Clashes outside Ukraine parliament

Police and protesters clashed near Ukraine's parliament, where a crucial session is expected.

    Opposition elements in parliament are expected to push for a return to the 2004 constitution [Reuters]
    Opposition elements in parliament are expected to push for a return to the 2004 constitution [Reuters]

    Police have fired rubber bullets at stone-throwing protesters in clashes near Ukraine's parliament, where a crucial session on constitutional reform is expected.

    Protesters tried to get closer to the heavily fortified parliament building on Tuesday, leading police to retaliate with smoke bombs and rubber bullets.

    About 20,000 protesters marched from Kiev's Independence Square to parliament to demand a vote on reforms to strip President Viktor Yanukovich of key powers, according to AFP news agency. 

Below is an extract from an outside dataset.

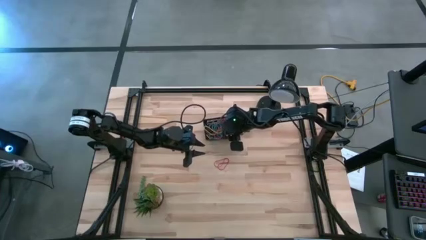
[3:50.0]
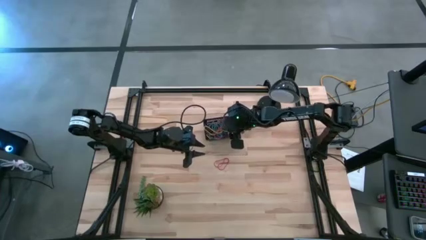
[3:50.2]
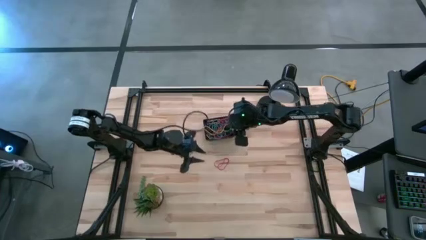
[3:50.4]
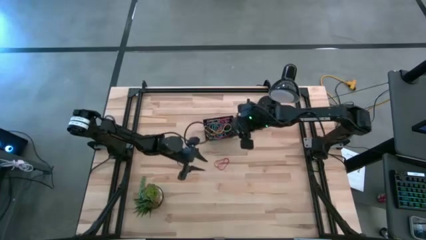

    The protests were planned as Yanukovich looked likely to present his candidate for prime minister to parliament - a choice that will show whether he is ready to make more concessions to the opposition after 12 weeks of violent confrontation. 

    Tensions remain

    Tension remains high in Ukraine, despite the general prosecutor Viktor Pshonka's announcement on Sunday that criminal charges against activists would be dropped as part of an amnesty deal aimed at reducing friction between the government and its opponents.

    The prosecutor's announcement came after protesters agreed to their part of the deal, which was to vacate government occupied buildings and allow traffic to access areas leading to state buildings in Kiev.

    Unrest broke out last year when Yanukovich spurned a free trade agreement with the European Union and opted for a $15bn package of Russian credits and cheaper gas to prop up Ukraine's ailing economy in November. 

    The revolt escalated into national protests at perceived corruption in the Yanukovich administration, and has triggered a geopolitical tussle between East and West.

    As Russia beckons with the aid package, the US and its allies have urged Yanukovich to return towards an IMF-backed deal with Europe.